_Dataset records_:
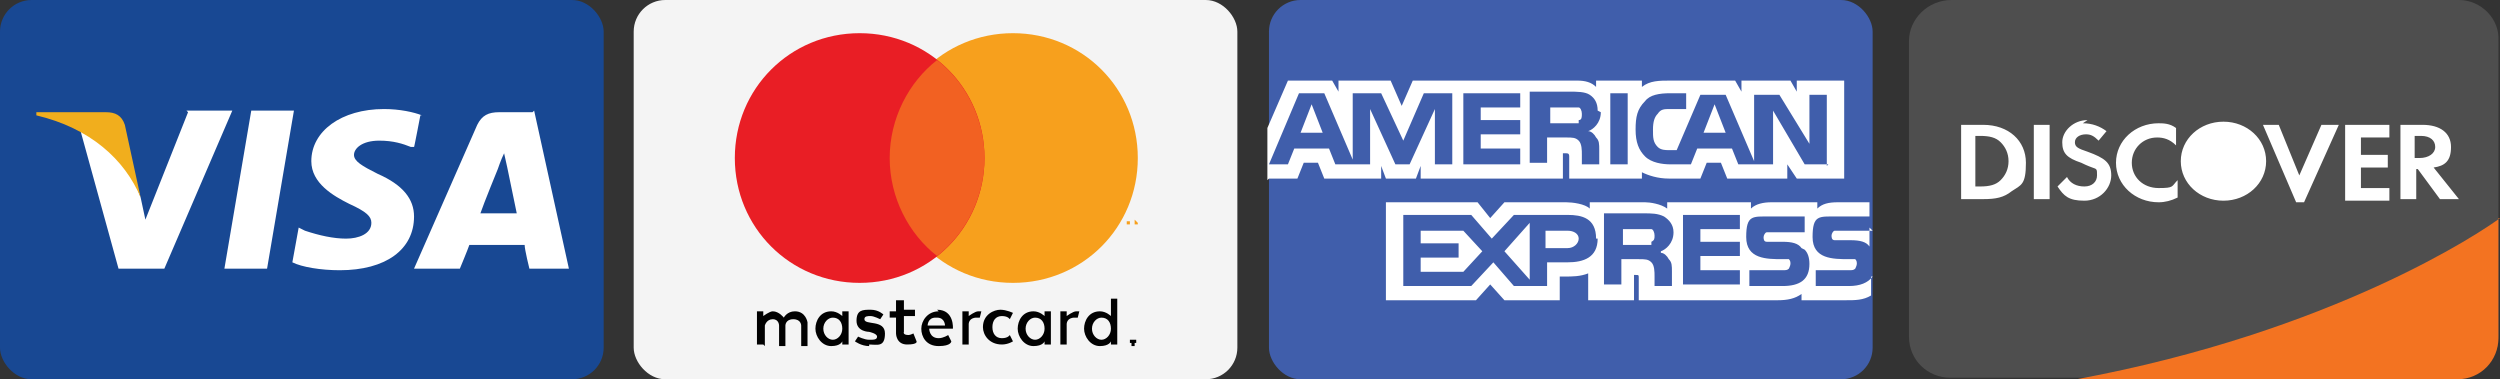 <?xml version="1.0" encoding="UTF-8"?>
<svg xmlns="http://www.w3.org/2000/svg" version="1.1" viewBox="0 0 158.2 24">
  <rect x="0" y="0" width="158.2" height="24" fill="#333333" stroke="none"/>
  <defs>
    <style>
      .cls-1 {
        fill: #4e4e4e;
      }

      .cls-1, .cls-2, .cls-3, .cls-4, .cls-5, .cls-6, .cls-7, .cls-8 {
        fill-rule: evenodd;
      }

      .cls-2 {
        fill: #fff;
      }

      .cls-9 {
        fill: #405eab;
      }

      .cls-10 {
        fill: #f4f4f4;
      }

      .cls-3 {
        fill: #010101;
      }

      .cls-4 {
        fill: #f1ae1d;
      }

      .cls-11 {
        fill: #184893;
      }

      .cls-5 {
        fill: #f7a01d;
      }

      .cls-6 {
        fill: #e91e25;
      }

      .cls-7 {
        fill: #f37321;
      }

      .cls-8 {
        fill: #f26122;
      }
    </style>
  </defs>
  <!-- Generator: Adobe Illustrator 28.6.0, SVG Export Plug-In . SVG Version: 1.2.0 Build 709)  -->
  <g>
    <g id="Layer_1">
      <g>
        <g>
          <rect class="cls-9" x="80.3" y="0" width="38.2" height="24" rx="2" ry="2"/>
          <path class="cls-2" d="M80.3,11.3h1.8l.4-1h.9l.4,1h3.6v-.8l.3.8h1.9l.3-.8v.8h9v-1.6s.2,0,.2,0c.1,0,.2,0,.2.2v1.4h4.6v-.4c.4.2,1,.4,1.7.4h2l.4-1h.9l.4,1h3.8v-.9l.6.9h3v-6.2h-3v.7l-.4-.7h-3.1v.7l-.4-.7h-4.1c-.7,0-1.3,0-1.8.4v-.4h-2.9v.4c-.3-.3-.7-.4-1.2-.4h-10.4l-.7,1.6-.7-1.6h-3.3v.7l-.4-.7h-2.8l-1.3,3v3.3h0ZM91.9,10.4h-1.1v-3.5s-1.6,3.5-1.6,3.5h-.9l-1.6-3.5v3.5h-2.2l-.4-1h-2.2l-.4,1h-1.2l1.9-4.5h1.6l1.8,4.2v-4.2h1.8l1.4,3,1.3-3h1.8v4.5h0,0ZM83.7,8.4l-.7-1.8-.7,1.8h1.5ZM96.2,10.4h-3.6v-4.5h3.6v.9h-2.5v.8h2.5v.9h-2.5v.9h2.5v.9h0ZM101.3,7.1c0,.7-.5,1.1-.8,1.2.2,0,.4.2.5.4.2.2.2.4.2.8v.9h-1.1v-.6c0-.3,0-.7-.2-.9-.2-.2-.4-.2-.8-.2h-1.2v1.6h-1.1v-4.5h2.5c.5,0,1,0,1.3.2.3.2.5.5.5,1h0ZM99.9,7.8c-.1,0-.3,0-.5,0h-1.3v-1h1.3c.2,0,.4,0,.5,0,.1,0,.2.2.2.4s0,.4-.2.4h0ZM103,10.4h-1.1v-4.5h1.1v4.5ZM115.7,10.4h-1.5l-2-3.4v3.4h-2.2l-.4-1h-2.2l-.4,1h-1.3c-.5,0-1.2-.1-1.6-.5-.4-.4-.6-.9-.6-1.7s.1-1.3.6-1.8c.3-.4.9-.5,1.6-.5h1v1h-1c-.4,0-.6,0-.8.3-.2.2-.3.5-.3,1s0,.8.3,1.1c.2.2.5.2.7.2h.5l1.5-3.5h1.6l1.8,4.2v-4.2h1.6l1.9,3.1v-3.1h1.1v4.5h0ZM109.2,8.4l-.7-1.8-.7,1.8h1.5ZM118.5,17.5c-.3.4-.8.6-1.5.6h-2.1v-1h2.1c.2,0,.3,0,.4-.1,0,0,.1-.2.1-.3,0-.1,0-.2-.1-.3,0,0-.2,0-.4,0-1,0-2.3,0-2.3-1.4s.4-1.3,1.5-1.3h2.1v-.9h-2c-.6,0-1,.1-1.3.4v-.4h-2.9c-.5,0-1,.1-1.3.4v-.4h-5.3v.4c-.4-.3-1.1-.4-1.4-.4h-3.5v.4c-.3-.3-1.1-.4-1.5-.4h-3.9l-.9,1-.8-1h-5.8v6.2h5.7l.9-1,.9,1h3.5s0-1.5,0-1.5h.3c.5,0,1,0,1.5-.2v1.7h2.9v-1.6h.1c.2,0,.2,0,.2.2v1.4h8.8c.6,0,1.1-.1,1.5-.4v.4h2.8c.6,0,1.1,0,1.6-.3v-1.2ZM101.1,15.1c0,1.2-.9,1.5-1.9,1.5h-1.3v1.5h-2.1l-1.3-1.5-1.4,1.5h-4.3v-4.5h4.3l1.3,1.5,1.4-1.5h3.4c.9,0,1.8.2,1.8,1.5h0ZM92.5,17.2h-2.6v-.9h2.4v-.9h-2.4v-.8h2.7l1.2,1.3-1.2,1.3ZM96.8,17.7l-1.6-1.8,1.6-1.8v3.6ZM99.2,15.7h-1.4v-1.1h1.4c.4,0,.7.2.7.5s-.3.6-.7.6h0ZM106.5,13.6h3.6v.9h-2.5v.8h2.5v.9h-2.5v.9h2.5v.9h-3.6v-4.5h0ZM105.1,16c.2,0,.4.2.5.4.2.2.2.4.2.8v.9h-1.1v-.6c0-.3,0-.7-.2-.9-.2-.2-.4-.2-.8-.2h-1.1v1.6h-1.1v-4.5h2.5c.5,0,.9,0,1.3.2.3.2.6.5.6,1,0,.7-.5,1.1-.8,1.2h0ZM104.5,15.5c-.1,0-.3,0-.5,0h-1.3v-1h1.3c.2,0,.4,0,.5,0,.1,0,.2.2.2.4s0,.3-.2.4ZM114.2,15.8c.2.2.3.5.3.9,0,1-.6,1.4-1.7,1.4h-2.1v-1h2.1c.2,0,.3,0,.4-.1,0,0,.1-.2.1-.3s0-.2-.1-.3c0,0-.2,0-.4,0-1,0-2.3,0-2.3-1.4s.4-1.3,1.5-1.3h2.2v1h-2c-.2,0-.3,0-.4,0-.1,0-.2.2-.2.3s0,.3.2.3c.1,0,.2,0,.4,0h.6c.6,0,1,.1,1.2.4h0ZM118.5,14.6h-2c-.2,0-.3,0-.4,0-.1,0-.2.2-.2.3s0,.3.2.3c.1,0,.2,0,.4,0h.6c.6,0,1,.1,1.2.4,0,0,0,0,0,.1v-1.3Z"/>
        </g>
        <g>
          <path class="cls-1" d="M123.5,0C122,0,120.8,1.2,120.8,2.6v18.7c0,1.5,1.2,2.6,2.6,2.6h32.1c1.5,0,2.6-1.2,2.6-2.6V2.6C158.2,1.2,157,0,155.6,0h-32.1Z"/>
          <path class="cls-2" d="M140.7,7.7c1.5,0,2.7,1.1,2.7,2.5h0c0,1.4-1.2,2.5-2.7,2.5s-2.7-1.1-2.7-2.5h0c0-1.4,1.2-2.5,2.7-2.5h0ZM136.5,7.8c.4,0,.8,0,1.2.3v1.1c-.4-.4-.8-.5-1.2-.5-.9,0-1.6.7-1.6,1.6s.7,1.6,1.7,1.6.8-.1,1.2-.5v1.1c-.4.2-.8.3-1.2.3-1.5,0-2.7-1.1-2.7-2.5s1.2-2.5,2.7-2.5h0ZM131.8,7.8c.6,0,1.1.2,1.5.5l-.5.6c-.3-.3-.5-.4-.8-.4-.4,0-.7.2-.7.5s.2.4.8.6c1.1.4,1.5.7,1.5,1.5s-.7,1.6-1.7,1.6-1.3-.3-1.7-.9l.6-.6c.2.4.6.6,1.1.6s.8-.3.8-.7,0-.4-.3-.5c0,0-.3-.1-.7-.3-.9-.3-1.2-.6-1.2-1.3s.7-1.4,1.6-1.4h0ZM143.1,7.9h1.1l1.3,3.2,1.4-3.2h1.1l-2.2,4.9h-.5l-2.1-4.9ZM124.1,7.9h1.4c1.6,0,2.7,1,2.7,2.4s-.3,1.4-.9,1.8c-.5.4-1,.5-1.8.5h-1.4v-4.7ZM128.7,7.9h1v4.7h-1v-4.7ZM148.4,7.9h2.8v.8h-1.8v1.1h1.7v.8h-1.7v1.3h1.8v.8h-2.8v-4.7h0ZM151.8,7.9h1.5c1.1,0,1.8.5,1.8,1.4s-.4,1.2-1.1,1.3l1.6,2h-1.2l-1.4-1.9h-.1v1.9h-1v-4.7ZM152.8,8.6v1.4h.3c.6,0,1-.3,1-.7s-.3-.7-.9-.7h-.3ZM125,8.7v3.1h.3c.6,0,1-.1,1.3-.4.3-.3.5-.7.5-1.2s-.2-.9-.5-1.2c-.3-.3-.7-.4-1.3-.4h-.3Z"/>
          <path class="cls-7" d="M158.2,13.8c-1.2.9-10.6,7.2-26.8,10.2h24.1c1.5,0,2.6-1.2,2.6-2.6v-7.6Z"/>
        </g>
        <g>
          <rect class="cls-10" x="40.1" width="38.2" height="24" rx="2" ry="2"/>
          <path class="cls-3" d="M71.7,21.5c0,0-.1,0-.2,0,0,0,0,0,0,.1,0,0,0,.1,0,.1,0,0,0,0,.2,0,0,0,.1,0,.2,0,0,0,0,0,0-.1,0,0,0-.1,0-.1,0,0,0,0-.2,0ZM71.7,21.9s0,0-.1,0c0,0,0,0,0-.1,0,0,0,0,0-.1,0,0,0,0,.1,0,0,0,0,0,.1,0,0,0,0,0,0,.1,0,0,0,0,0,.1,0,0,0,0-.1,0ZM71.7,21.6h0v.2h0c0,0,0,0,0,0h0c0,0,0,0,0,0h0c0,0,0,0,0,0,0,0,0,0,0,0,0,0,0,0,0,0,0,0,0,0,0,0h0ZM71.7,21.7s0,0,0,0c0,0,0,0,0,0,0,0,0,0,0,0,0,0,0,0,0,0h0c0,0,0,0,0,0ZM48.3,21.8h-.4v-2.1h.4v.3s.4-.3.6-.3c.4,0,.7.4.7.4,0,0,.2-.4.7-.4.7,0,.8.7.8.7v1.5h-.4v-1.3s0-.4-.5-.4-.5.4-.5.4v1.3h-.4v-1.3s0-.4-.4-.4-.5.4-.5.4v1.3ZM61.9,19.7c-.2,0-.6.3-.6.3v-.3h-.4v2.1h.4v-1.3s0-.4.5-.4.2,0,.2,0h0s.1-.4.1-.4c0,0-.2,0-.3,0h0ZM68.1,19.7c-.2,0-.6.3-.6.3v-.3h-.4v2.1h.4v-1.3s0-.4.5-.4.2,0,.2,0h0s.1-.4.1-.4c0,0-.2,0-.3,0h0ZM52.6,19.7c-.7,0-1,.6-1,1.1,0,.5.4,1.1,1,1.1s.7-.3.7-.3v.2s.4,0,.4,0v-2.1h-.4v.3s-.3-.3-.7-.3h0ZM52.7,20.1c.4,0,.6.3.6.7s-.3.7-.6.7-.6-.3-.6-.7.3-.7.6-.7h0ZM65.4,19.7c-.7,0-1,.6-1,1.1,0,.5.4,1.1,1,1.1s.7-.3.7-.3v.2s.4,0,.4,0v-2.1h-.4v.3s-.3-.3-.7-.3h0ZM65.5,20.1c.4,0,.6.3.6.7s-.3.7-.6.7-.6-.3-.6-.7.3-.7.6-.7h0ZM69.6,19.7c-.7,0-1,.6-1,1.1,0,.5.4,1.1,1,1.1s.7-.3.7-.3v.2s.4,0,.4,0v-2.9h-.4v1.1s-.3-.3-.7-.3ZM69.7,20.1c.4,0,.6.3.6.7s-.3.7-.6.7-.6-.3-.6-.7.3-.7.6-.7h0ZM55,21.9c-.5,0-.9-.3-.9-.3l.2-.3s.4.2.7.2.5,0,.5-.2c0-.2-.5-.3-.5-.3,0,0-.8,0-.8-.7s.4-.7.9-.7.8.3.8.3l-.2.3s-.4-.2-.6-.2c-.2,0-.4,0-.4.2,0,.4,1.3,0,1.3.9s-.5.7-1,.7h0ZM56.7,19.1v.6h-.4v.4h.4v1s0,.7.7.7.6-.2.6-.2l-.2-.5s-.2.1-.3.1c-.4,0-.3-.2-.3-.2v-1h.7v-.4h-.7v-.6h-.5ZM59.4,19.7c-.7,0-1.1.6-1.1,1.1,0,.5.3,1.1,1.1,1.1s.8-.3.8-.3l-.2-.4s-.3.2-.6.2c-.6,0-.6-.6-.6-.6h1.5s.1-1.2-1-1.2h0ZM59.3,20.1s0,0,0,0c.5,0,.5.5.5.5h-1.1s0-.5.5-.5h0ZM63.9,21.2l.2.4s-.3.2-.7.2c-.8,0-1.2-.6-1.2-1.1,0-.8.7-1.1,1.1-1.1s.8.2.8.2l-.2.4s-.1-.2-.5-.2-.6.3-.6.7.2.7.6.7.5-.2.5-.2Z"/>
          <path class="cls-5" d="M72,14.2v-.3h0v.2c0,0-.2-.2-.2-.2h0v.3h0v-.2.2h.1v-.2c0,0,0,.2,0,.2h0ZM71.5,14.2v-.2h0s-.2,0-.2,0h0s0,0,0,0v.2h0ZM72,10c0,4.4-3.5,7.9-7.9,7.9s-7.9-3.5-7.9-7.9,3.5-7.9,7.9-7.9,7.9,3.5,7.9,7.9h0Z"/>
          <path class="cls-6" d="M62.3,10c0,4.4-3.5,7.9-7.9,7.9s-7.9-3.5-7.9-7.9,3.5-7.9,7.9-7.9,7.9,3.5,7.9,7.9h0Z"/>
          <path class="cls-8" d="M59.3,3.8c-1.8,1.4-3,3.7-3,6.2s1.2,4.8,3,6.2c1.8-1.4,3-3.7,3-6.2s-1.2-4.8-3-6.2h0Z"/>
        </g>
        <g>
          <rect class="cls-11" y="0" width="38.2" height="24" rx="2" ry="2"/>
          <path class="cls-2" d="M14.2,17l1.7-10h2.7l-1.7,10h-2.7ZM26.7,7.3c-.5-.2-1.4-.4-2.4-.4-2.7,0-4.6,1.4-4.6,3.3,0,1.4,1.4,2.2,2.4,2.7,1.1.5,1.4.8,1.4,1.2,0,.7-.8,1-1.6,1s-1.7-.2-2.6-.5l-.4-.2-.4,2.2c.6.3,1.8.5,3,.5,2.9,0,4.7-1.3,4.7-3.4,0-1.1-.7-2-2.3-2.7-1-.5-1.5-.8-1.5-1.2,0-.4.5-.9,1.6-.9.9,0,1.5.2,2,.4h.2c0,.1.4-2,.4-2M33.7,7.1h-2.1c-.7,0-1.1.2-1.4.8l-4,9.1h2.9s.5-1.2.6-1.5c.3,0,3.1,0,3.5,0,0,.3.3,1.5.3,1.5h2.5l-2.2-10ZM30.4,13.5c.2-.6,1.1-2.8,1.1-2.8,0,0,.2-.6.4-1l.2.9s.5,2.4.6,2.9h-2.3ZM11.9,7.1l-2.7,6.8-.3-1.4c-.5-1.6-2-3.3-3.8-4.2l2.4,8.7h2.9s4.3-10,4.3-10h-2.9Z"/>
          <path class="cls-4" d="M6.7,7.1H2.3v.2c3.4.8,5.6,2.8,6.6,5.2l-1-4.6c-.2-.6-.6-.8-1.2-.8"/>
        </g>
      </g>
    </g>
  </g>
</svg>

_Directions for this task_: From the data above, gather every line that includes the word "width".

_Result of this exercise_:
  <rect x="0" y="0" width="158.2" height="24" fill="#333333" stroke="none"/>
          <rect class="cls-9" x="80.3" y="0" width="38.2" height="24" rx="2" ry="2"/>
          <rect class="cls-10" x="40.1" width="38.2" height="24" rx="2" ry="2"/>
          <rect class="cls-11" y="0" width="38.2" height="24" rx="2" ry="2"/>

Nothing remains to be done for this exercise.